> _Your goal_
Could you repeat every record below exactly, leaving out the pictures?

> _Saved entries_
<<<<
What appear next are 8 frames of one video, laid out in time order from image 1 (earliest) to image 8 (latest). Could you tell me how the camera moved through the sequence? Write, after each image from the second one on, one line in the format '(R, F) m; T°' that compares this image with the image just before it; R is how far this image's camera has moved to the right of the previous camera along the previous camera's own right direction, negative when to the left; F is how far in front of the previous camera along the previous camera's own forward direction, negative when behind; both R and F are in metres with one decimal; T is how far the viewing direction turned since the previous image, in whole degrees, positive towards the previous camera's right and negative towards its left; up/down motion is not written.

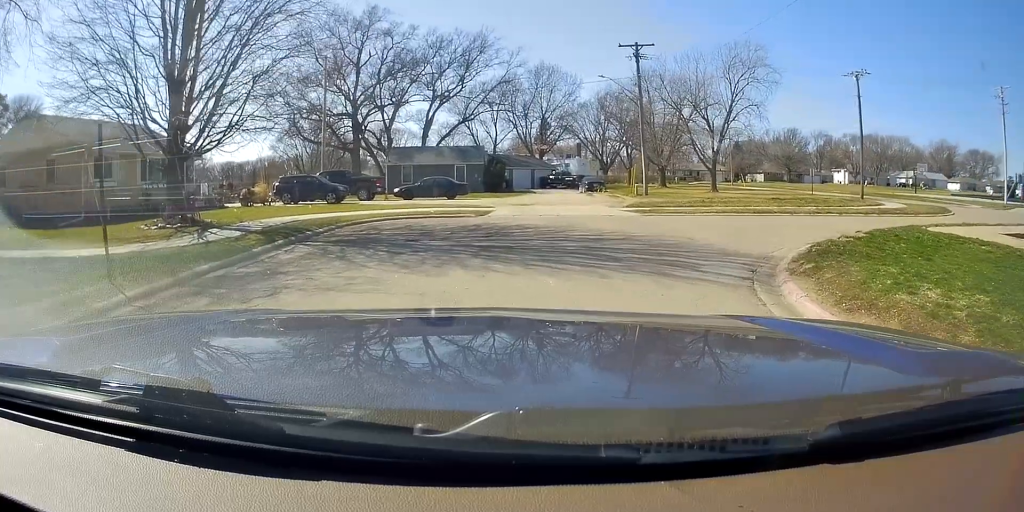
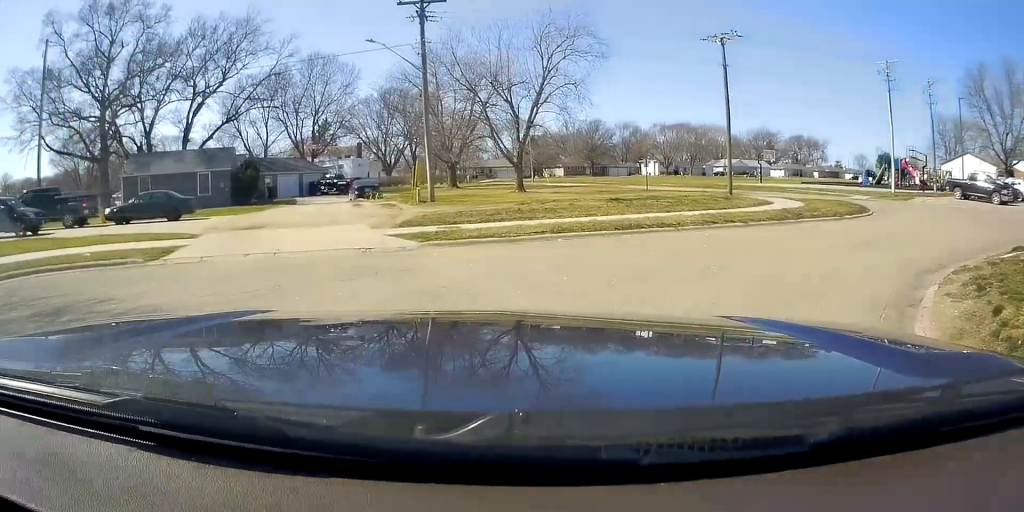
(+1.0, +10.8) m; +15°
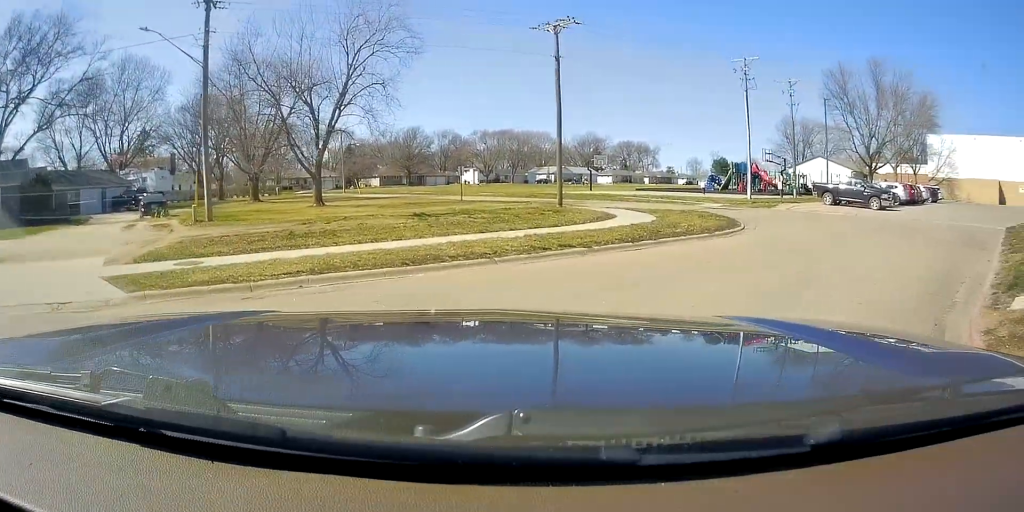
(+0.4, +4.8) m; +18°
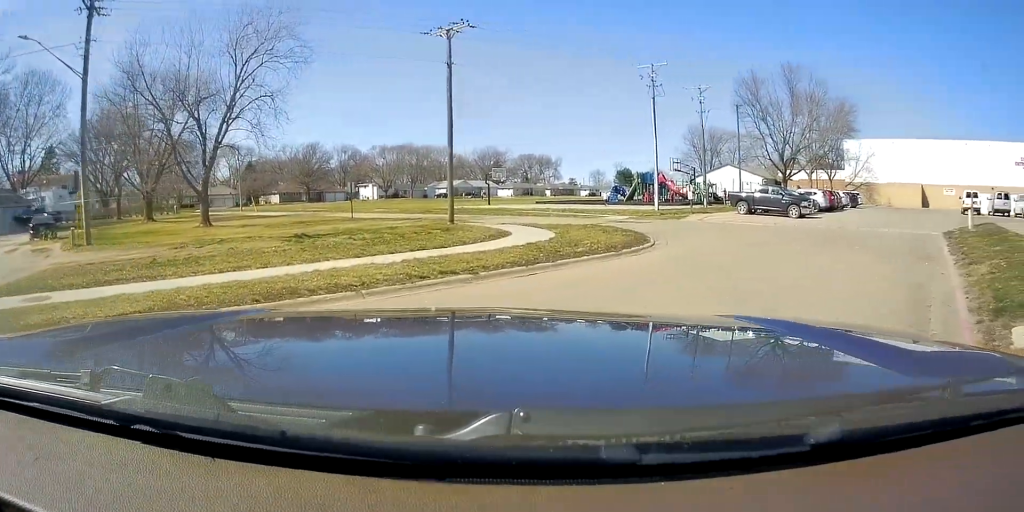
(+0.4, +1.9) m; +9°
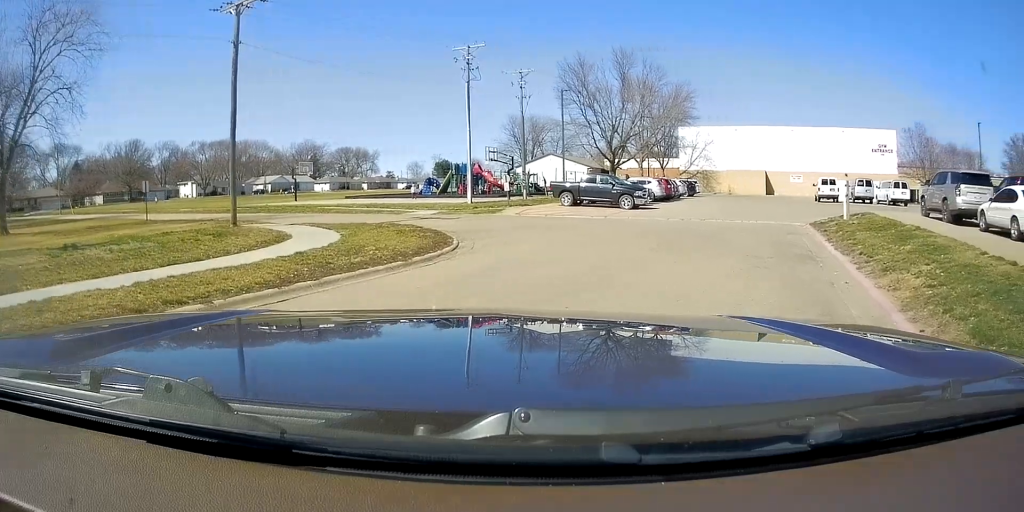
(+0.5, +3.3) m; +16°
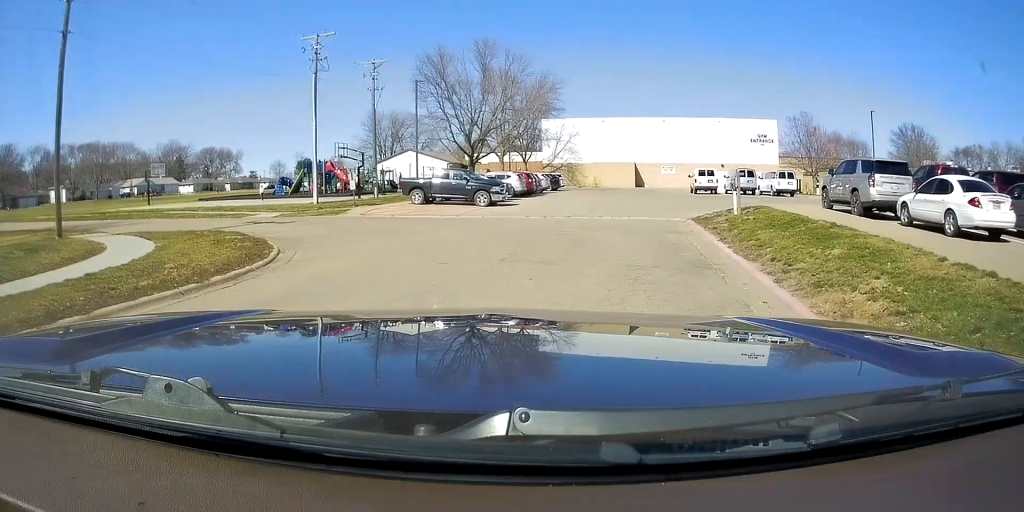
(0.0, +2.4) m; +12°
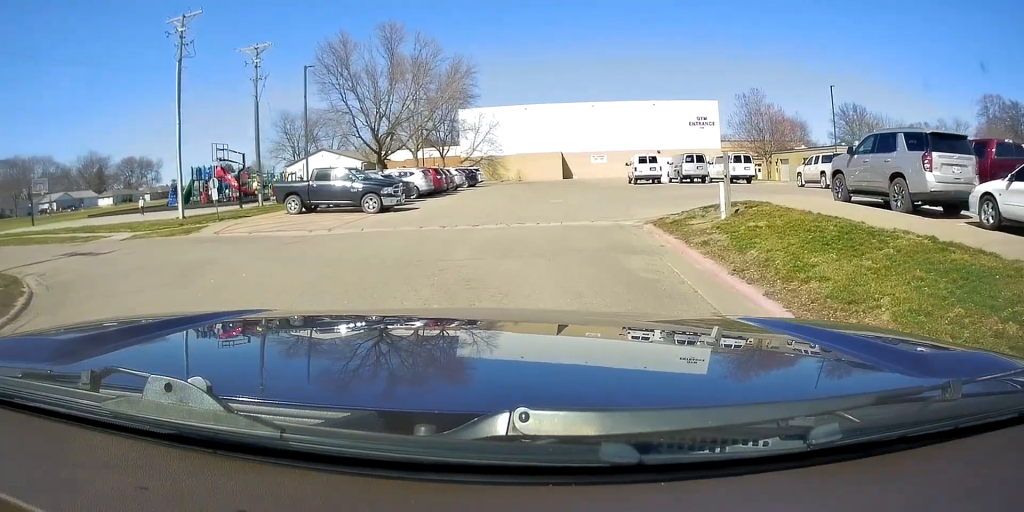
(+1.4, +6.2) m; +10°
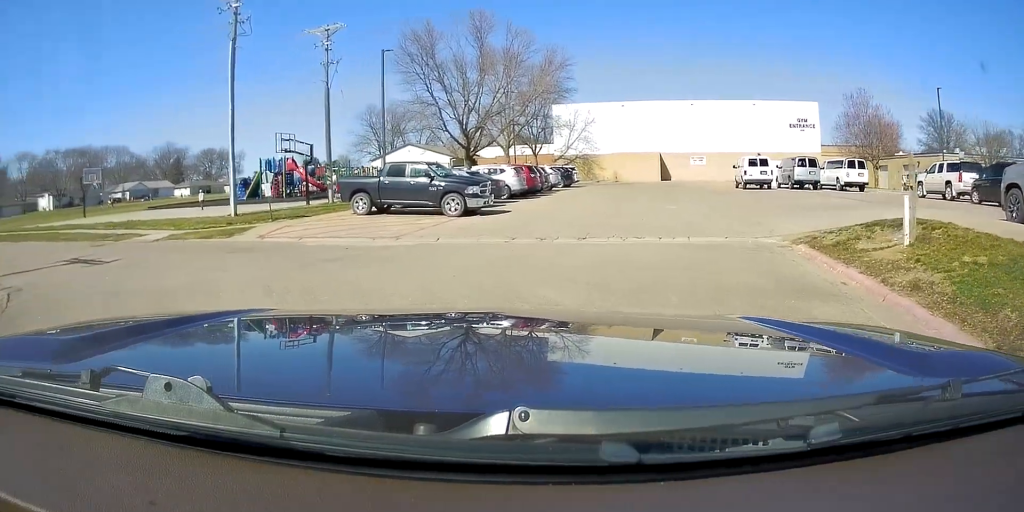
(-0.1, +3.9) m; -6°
>>>>
> _Task result_
What appear next are 8 frames of one video, laid out in time order from image 1 (earliest) to image 8 (latest). Could you tell me how the camera moved through the sequence? Write, after each image from the second one on, one line in the format '(R, F) m; T°' that compares this image with the image just before it; R is how far this image's camera has moved to the right of the previous camera along the previous camera's own right direction, negative when to the left; F is how far in front of the previous camera along the previous camera's own forward direction, negative when behind; both R and F are in metres with one decimal; T is how far the viewing direction turned since the previous image, in whole degrees, positive towards the previous camera's right and negative towards its left; up/down motion is not written.

(+1.0, +10.8) m; +15°
(+0.4, +4.8) m; +18°
(+0.4, +1.9) m; +9°
(+0.5, +3.3) m; +16°
(0.0, +2.4) m; +12°
(+1.4, +6.2) m; +10°
(-0.1, +3.9) m; -6°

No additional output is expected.